Репортер растерялся — с чего начать?
— А как он выглядит? Неужели и правда, как описано в Библии? Не может этого быть!
— Все правда, — терпеливо ответил Хенуэл.
Они подошли к старому, видавшему виды форду, и Хенуэл знаком предложил спутнику забраться внутрь. Машина ждала на солнцепеке, и до раскаленного металла невозможно было дотронуться. Айберсон постарался устроиться поудобнее и только потом повторил:
— Как же он выглядит, профессор?
Хенуэл включил зажигание, и машина мягко взяла с места.
— Мы точно не знаем, — сказал наконец Хенуэл. — Он слишком глубоко вмерз в лед. Можно различить только смутные очертания. — И, немного помолчав, прибавил: — Он огромен.
— Когда вы его нашли?
— Нам очень повезло, — признался Хенуэл. — Наши альпинисты наткнулись на него уже на второй день поисков. С неделю назад.
— Неделю назад! Господи, да что ж вы все молчали? Такую новость надо было мигом разнести по всему свету. Как же так можно: отыскать Ноев ковчег — и за целую неделю хоть бы словечко!
— Сначала нам надо было в этом удостовериться, — возразил Хенуэл. — Ничего, скоро вы его увидите своими глазами. Тогда можете кричать на весь мир.

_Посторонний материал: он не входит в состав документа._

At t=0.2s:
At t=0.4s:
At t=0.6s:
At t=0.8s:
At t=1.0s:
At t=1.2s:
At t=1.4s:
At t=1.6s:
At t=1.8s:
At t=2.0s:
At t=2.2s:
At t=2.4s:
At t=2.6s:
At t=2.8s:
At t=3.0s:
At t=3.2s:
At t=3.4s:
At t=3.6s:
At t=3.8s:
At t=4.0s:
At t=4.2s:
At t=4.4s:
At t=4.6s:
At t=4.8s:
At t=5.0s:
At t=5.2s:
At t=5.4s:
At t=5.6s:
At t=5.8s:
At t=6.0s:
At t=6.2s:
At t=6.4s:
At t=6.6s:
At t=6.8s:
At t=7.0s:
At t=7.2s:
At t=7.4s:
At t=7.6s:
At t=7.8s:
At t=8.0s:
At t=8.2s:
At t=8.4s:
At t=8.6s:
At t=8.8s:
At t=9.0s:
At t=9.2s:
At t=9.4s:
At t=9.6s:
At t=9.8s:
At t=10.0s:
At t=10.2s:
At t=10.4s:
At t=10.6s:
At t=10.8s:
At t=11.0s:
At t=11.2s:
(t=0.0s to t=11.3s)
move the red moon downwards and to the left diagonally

— А еще кто будет этим заниматься… в смысле кто из газетчиков? — озабоченно спросил Айберсон.
— Больше никто. Вы единственный.
— Вы что, серьезно? У меня исключительное право?
— Выходит, что так.
— Да ну! Вот это повезло! Но почему именно я?

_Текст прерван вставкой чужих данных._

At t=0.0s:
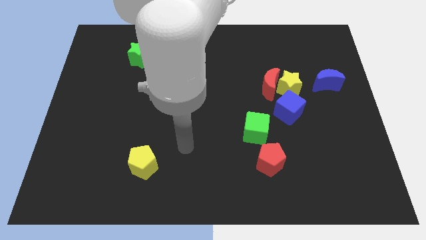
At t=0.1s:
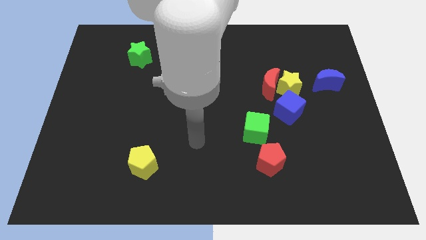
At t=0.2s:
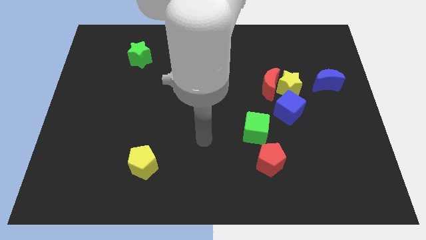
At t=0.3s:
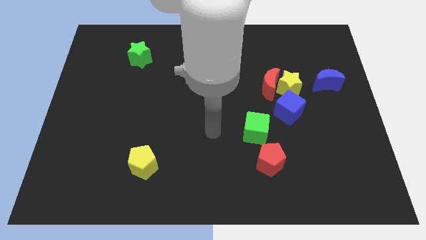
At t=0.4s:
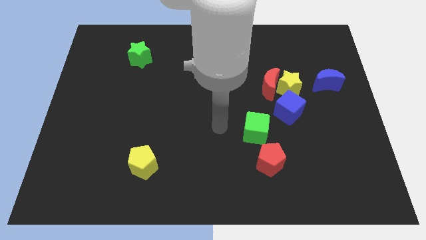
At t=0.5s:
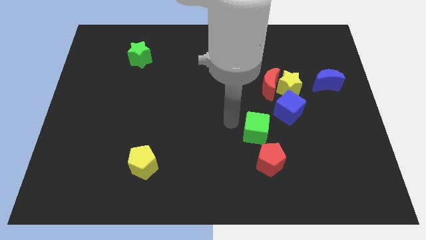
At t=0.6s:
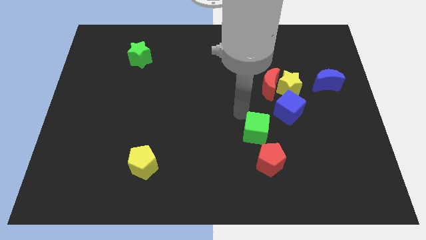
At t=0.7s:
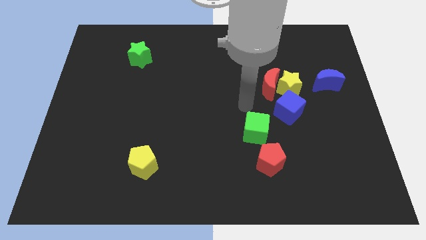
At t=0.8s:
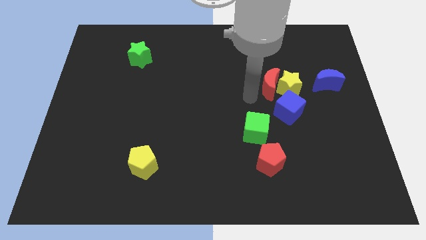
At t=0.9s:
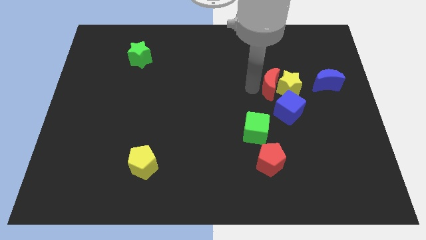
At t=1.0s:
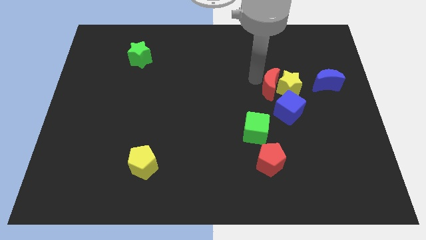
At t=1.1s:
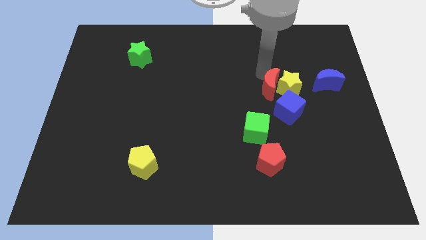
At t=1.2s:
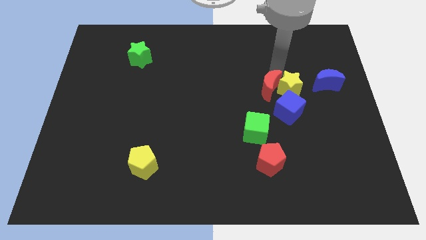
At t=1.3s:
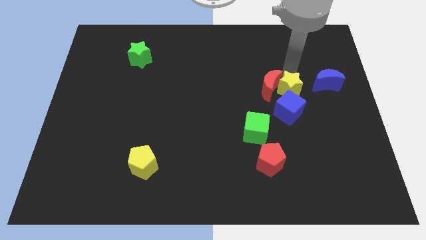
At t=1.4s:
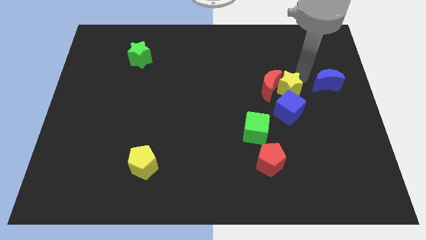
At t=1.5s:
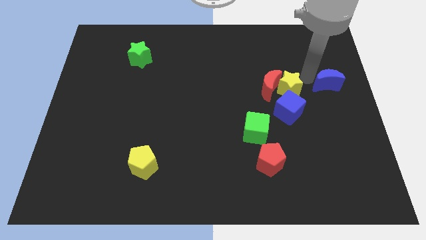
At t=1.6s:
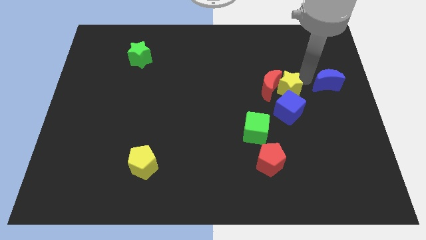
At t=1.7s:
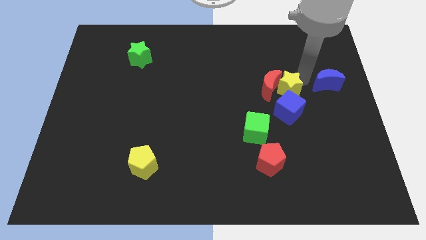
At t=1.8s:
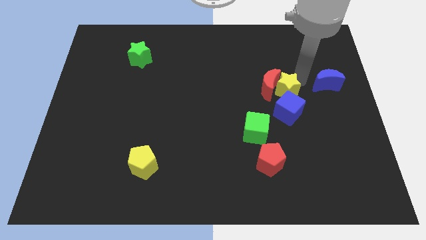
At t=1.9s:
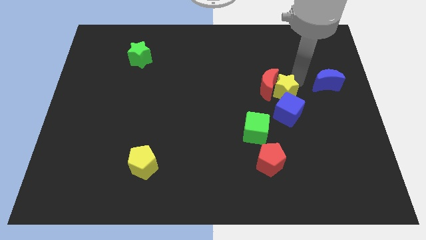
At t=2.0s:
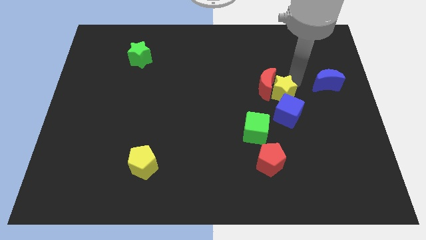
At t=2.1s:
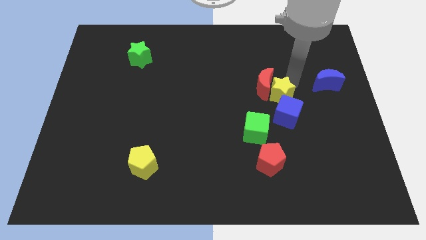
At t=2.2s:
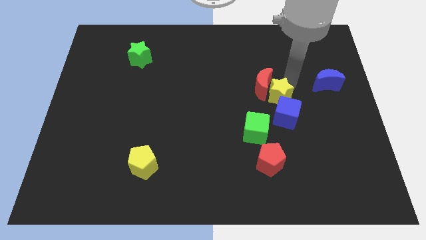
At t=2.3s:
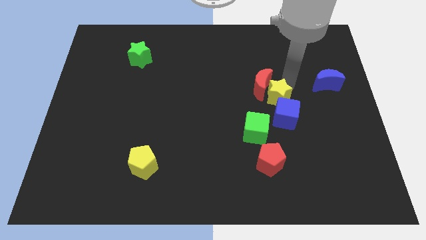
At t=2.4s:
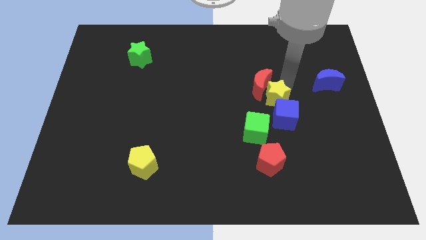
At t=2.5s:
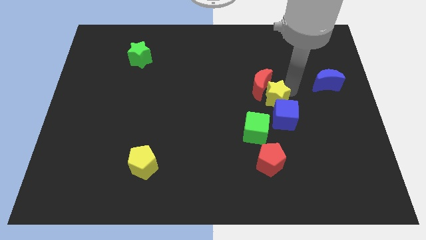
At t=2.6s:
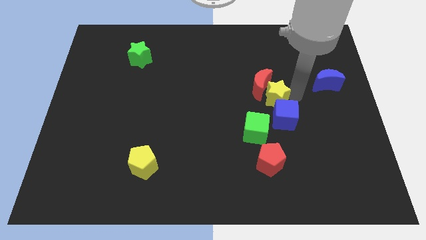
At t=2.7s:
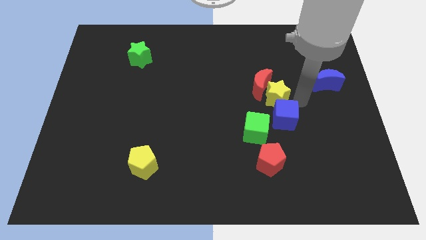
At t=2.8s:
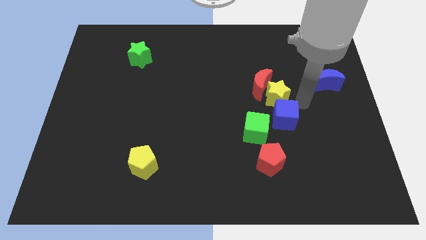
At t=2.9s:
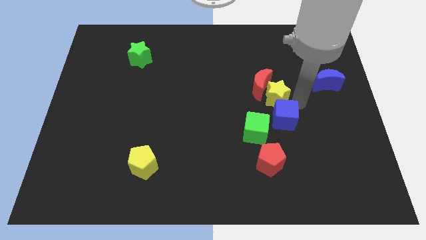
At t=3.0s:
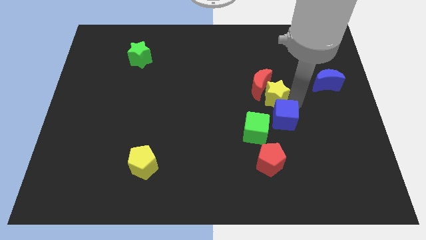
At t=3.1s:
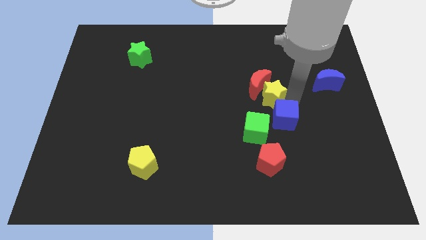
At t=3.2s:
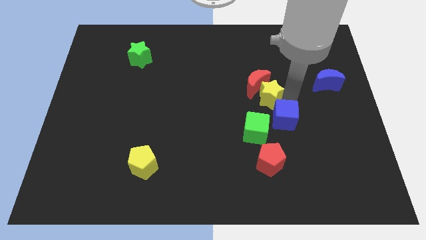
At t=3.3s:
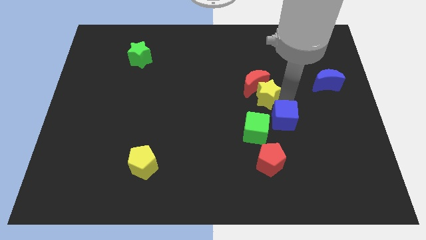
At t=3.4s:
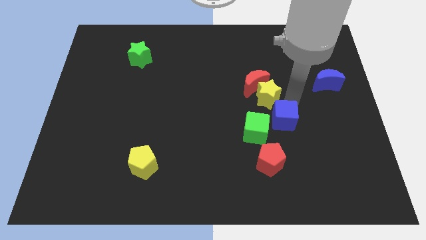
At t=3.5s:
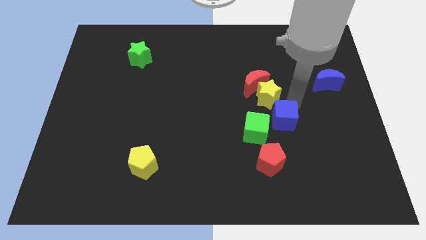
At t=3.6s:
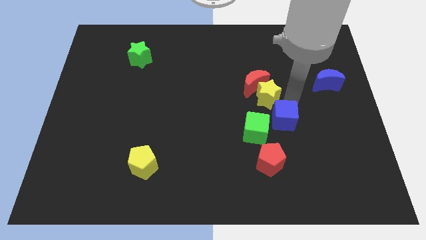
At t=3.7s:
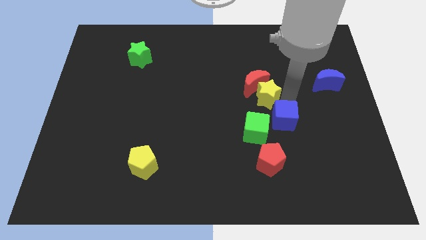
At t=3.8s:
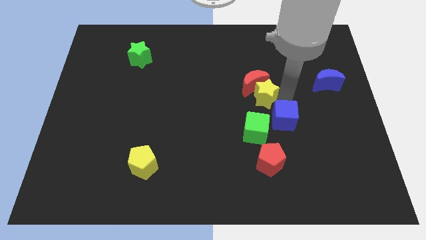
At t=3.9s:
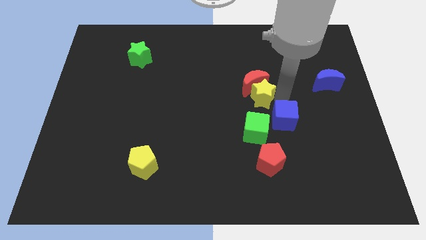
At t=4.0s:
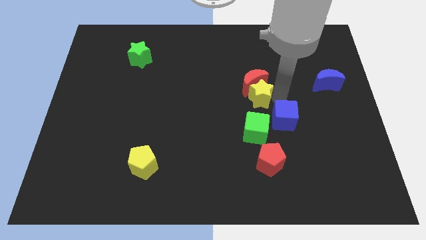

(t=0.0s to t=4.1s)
move the yellow star left slightly

— Просто доктору Кристи нравится ваш стиль.
— Кристи?! — Айберсон был приятно удивлен. — А я думал, он нашего брата газетчика не переносит, всех до единого.
— Тогда скажем так: из всех репортеров вы ему наименее неприятны.
— Вот это больше похоже на правду. Стало быть, Кристи целую неделю замалчивает величайшую сенсацию со времен… со времен Всемирного потопа, а потом спокойненько выбирает мальчика на побегушках — пускай, мол, сообщит радостную весть всем прочим смертным.
— Кстати, он имеет на это полное право как глава экспедиции, — заметил Хенуэл. — Или вы бы предпочли, чтобы он выбрал другого мальчика на побегушках?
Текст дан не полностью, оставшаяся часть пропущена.